Machine Learning

Unsupervised Learning / Anomaly Detection


6. Anomaly Detection Algorithm

Anomaly Detection (or Outlier Detection) is the process of identifying data points or events that deviate significantly from the expected pattern or normal behavior.

Types of Anomalies

  • Point Anomalies: A single instance is anomalous relative to the rest of the data (e.g., a huge credit card purchase).
  • Contextual Anomalies: Normal under some contexts but anomalous in others (e.g., buying a snow shovel in July).
  • Collective Anomalies: A collection of related data instances is anomalous, even if individual points are not (e.g., rapid sequential login attempts).

Detection Approaches

1. Statistical Methods (Z-Score)

Assumes normal data follows a Gaussian distribution.

Z = |(x - μ) / σ|

If Z > 3, the point is flagged as an anomaly.

2. Density-Based (DBSCAN)

Groups dense regions into clusters. Points are classified as Core, Border, or Noise.

Noise points (not within ε-radius of any core point) are anomalies.

3. Distance-Based (LOF - Local Outlier Factor)

Compares the local density of a point to the local densities of its neighbors. A point with a much lower density than its neighbors is an anomaly.

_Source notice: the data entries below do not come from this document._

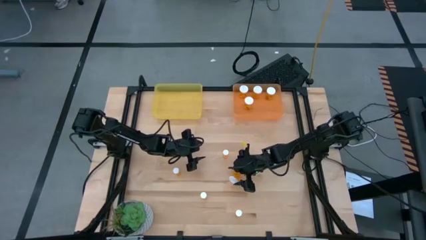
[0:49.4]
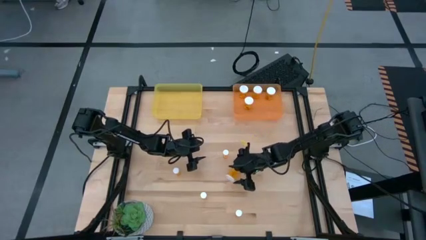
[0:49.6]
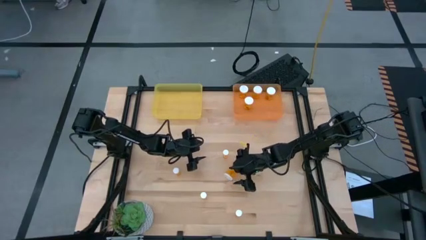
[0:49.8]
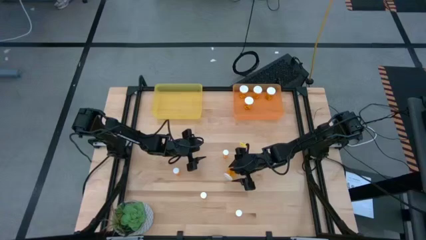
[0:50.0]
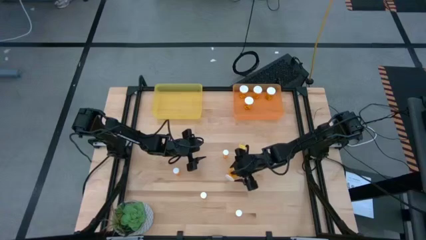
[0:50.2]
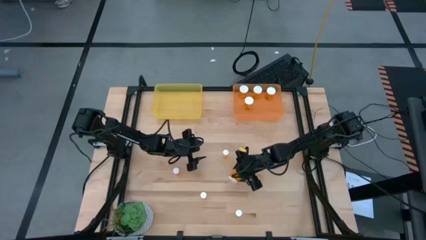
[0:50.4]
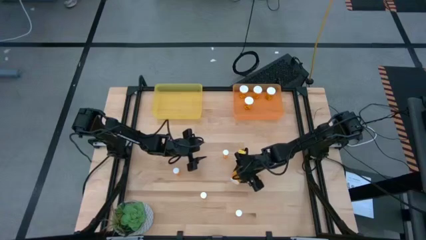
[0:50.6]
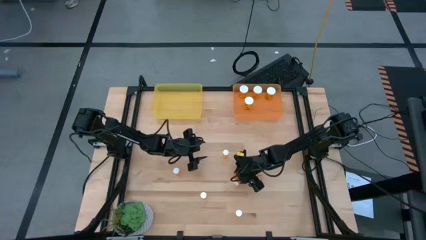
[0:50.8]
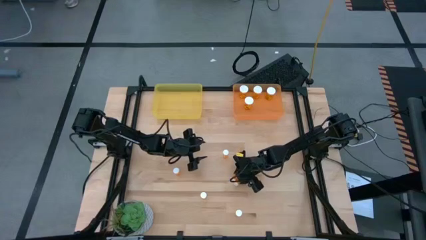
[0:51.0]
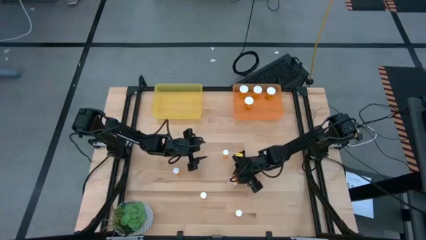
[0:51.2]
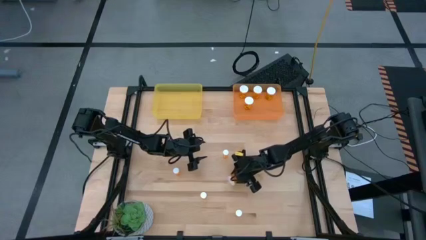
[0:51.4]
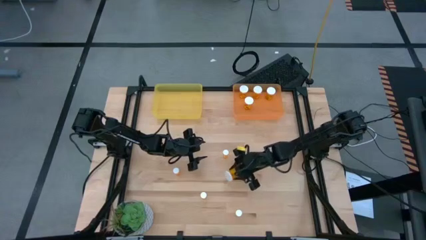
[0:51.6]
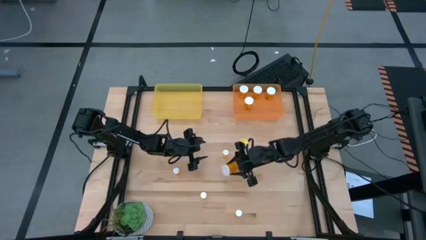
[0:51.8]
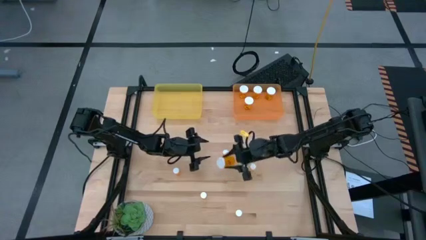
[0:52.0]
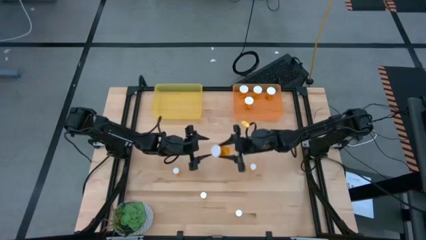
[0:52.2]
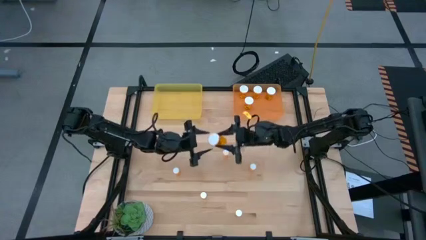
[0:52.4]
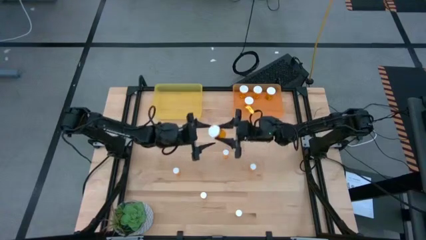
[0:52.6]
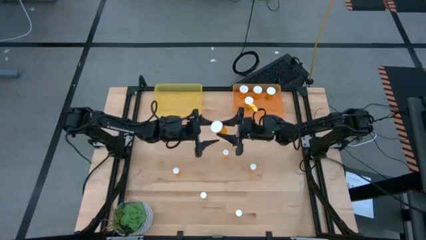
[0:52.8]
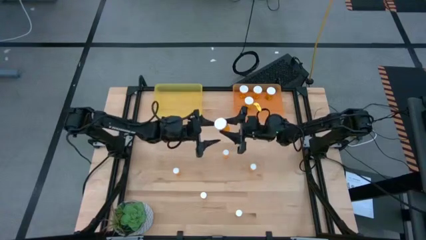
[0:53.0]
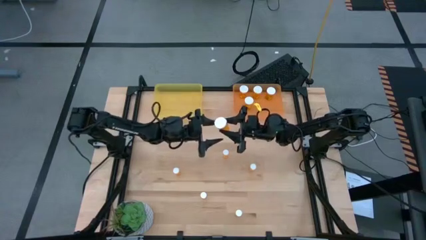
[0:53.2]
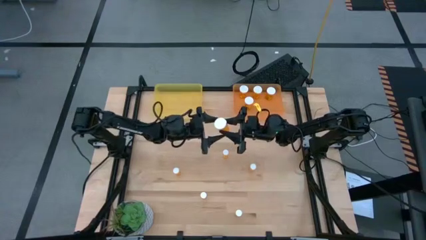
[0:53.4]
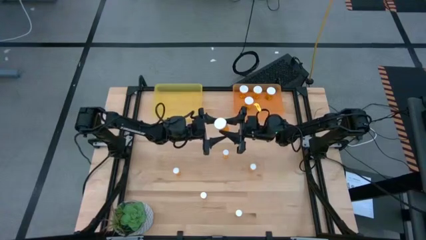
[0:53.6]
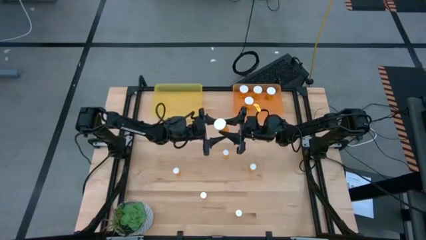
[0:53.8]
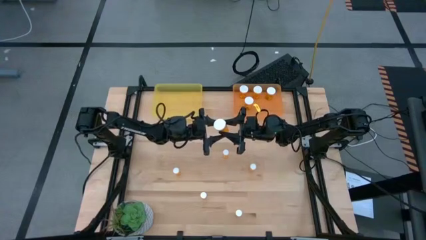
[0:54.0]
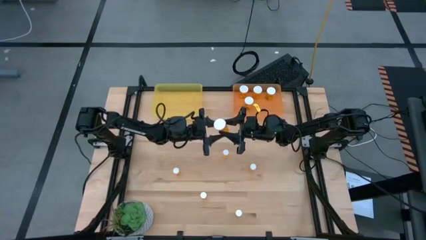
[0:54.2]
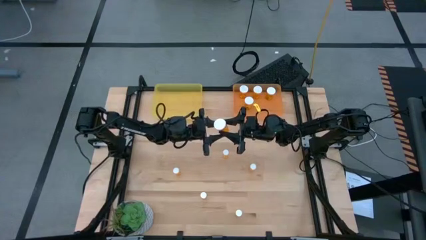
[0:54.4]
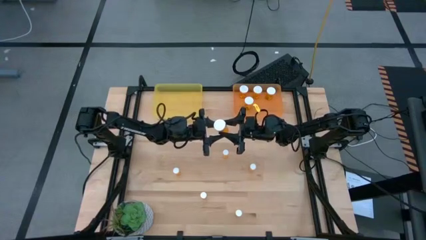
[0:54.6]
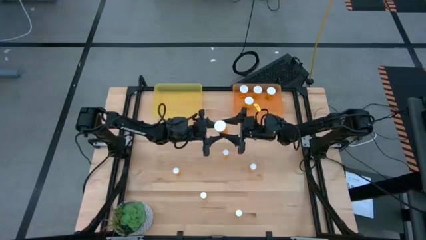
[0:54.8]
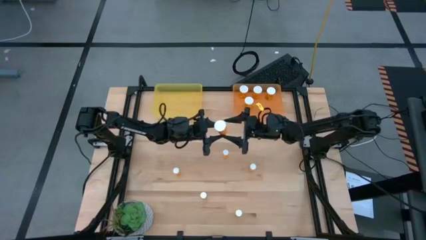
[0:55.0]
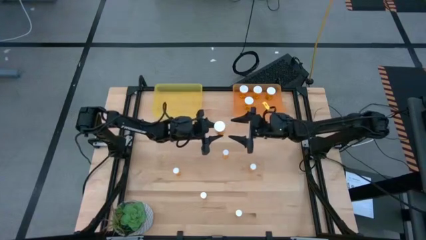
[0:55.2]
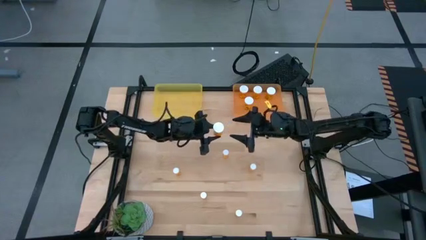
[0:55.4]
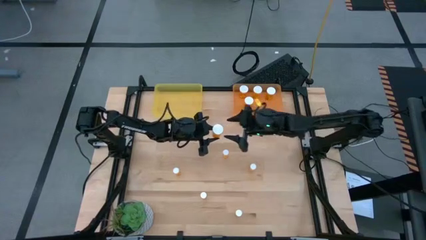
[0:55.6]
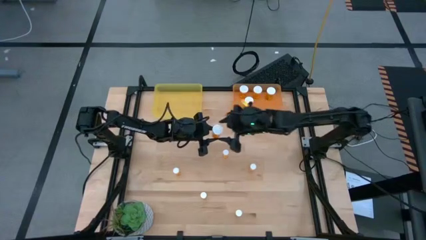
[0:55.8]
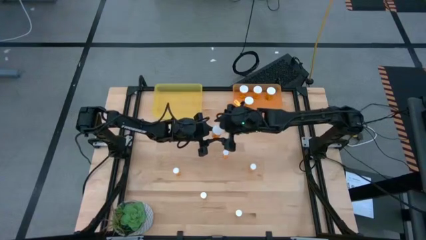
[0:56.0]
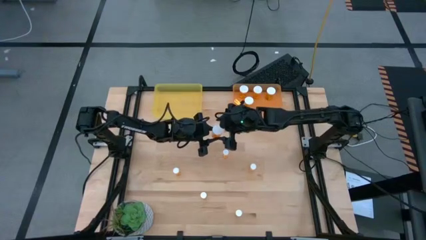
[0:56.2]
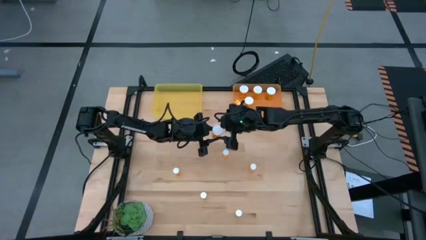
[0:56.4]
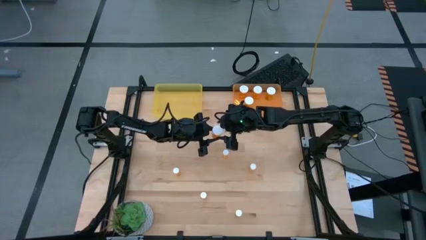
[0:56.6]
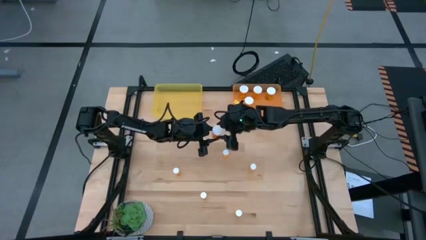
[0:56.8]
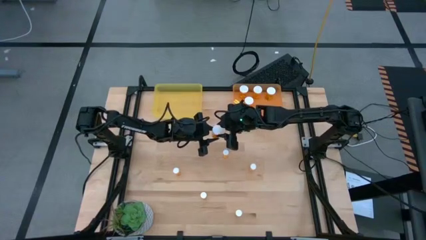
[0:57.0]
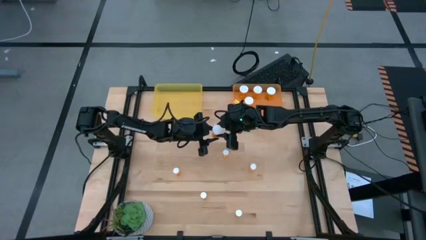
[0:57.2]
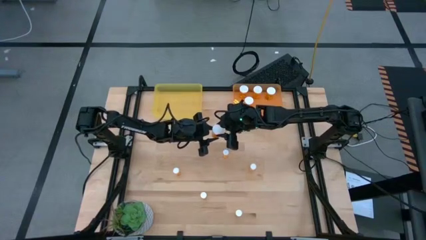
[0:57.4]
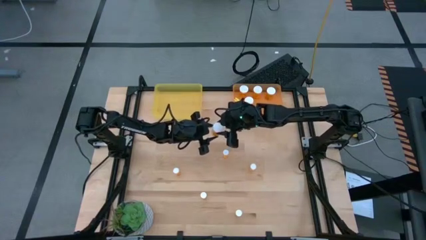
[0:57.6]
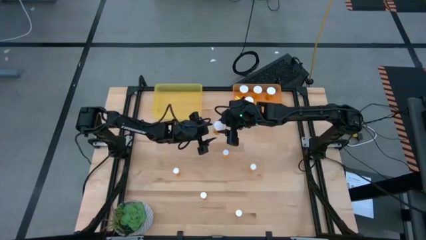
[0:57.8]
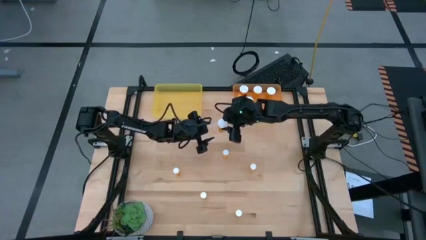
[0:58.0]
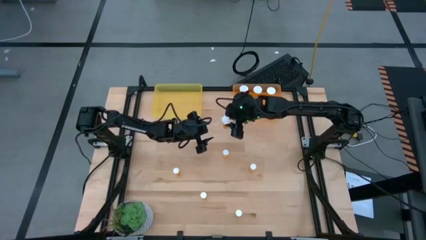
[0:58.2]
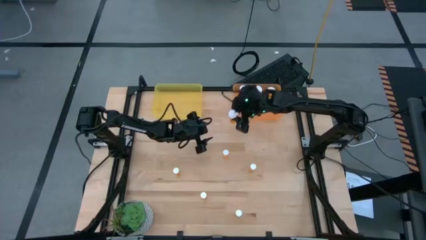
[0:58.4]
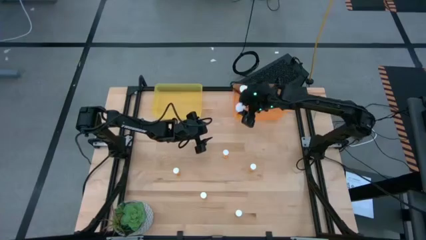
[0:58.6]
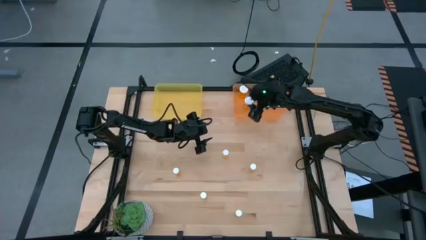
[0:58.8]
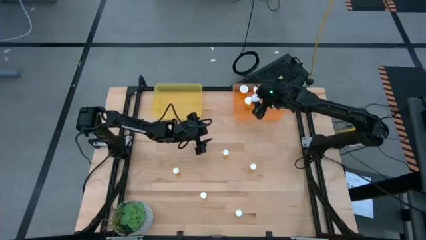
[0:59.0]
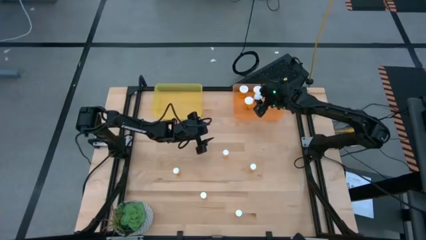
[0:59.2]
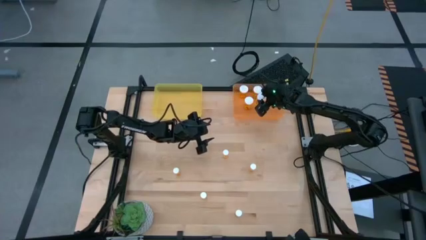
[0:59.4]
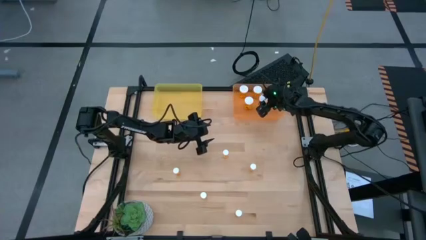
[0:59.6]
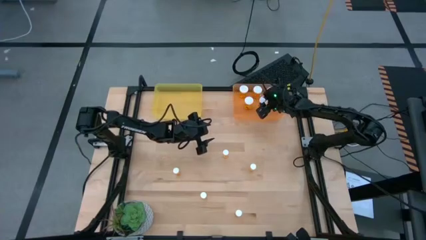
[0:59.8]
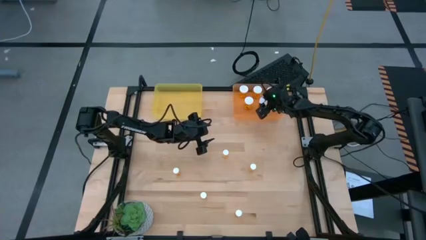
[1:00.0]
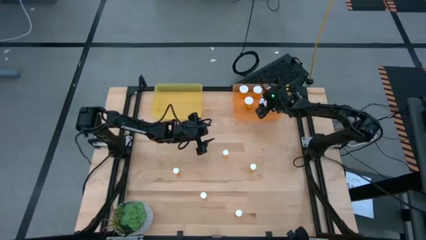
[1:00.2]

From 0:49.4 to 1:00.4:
Task: Pick and place medicine bottles into bin by pill shape (circle, oval)
Put the big yellow pill bottle into the transparent orange bin

Machine Learning Approach: Isolation Forest

Isolation Forest is specifically designed for anomaly detection. It isolates anomalies rather than profiling normal points.

  1. Build multiple random decision trees (isolation trees).
  2. At each node, randomly select a feature and a random split value between the min and max.
  3. Repeat until each point is isolated in its own leaf node.
The Core Logic

Because anomalies are rare and different, they require fewer splits to be isolated. Therefore, points with a shorter path length from the root to the leaf are scored as anomalies.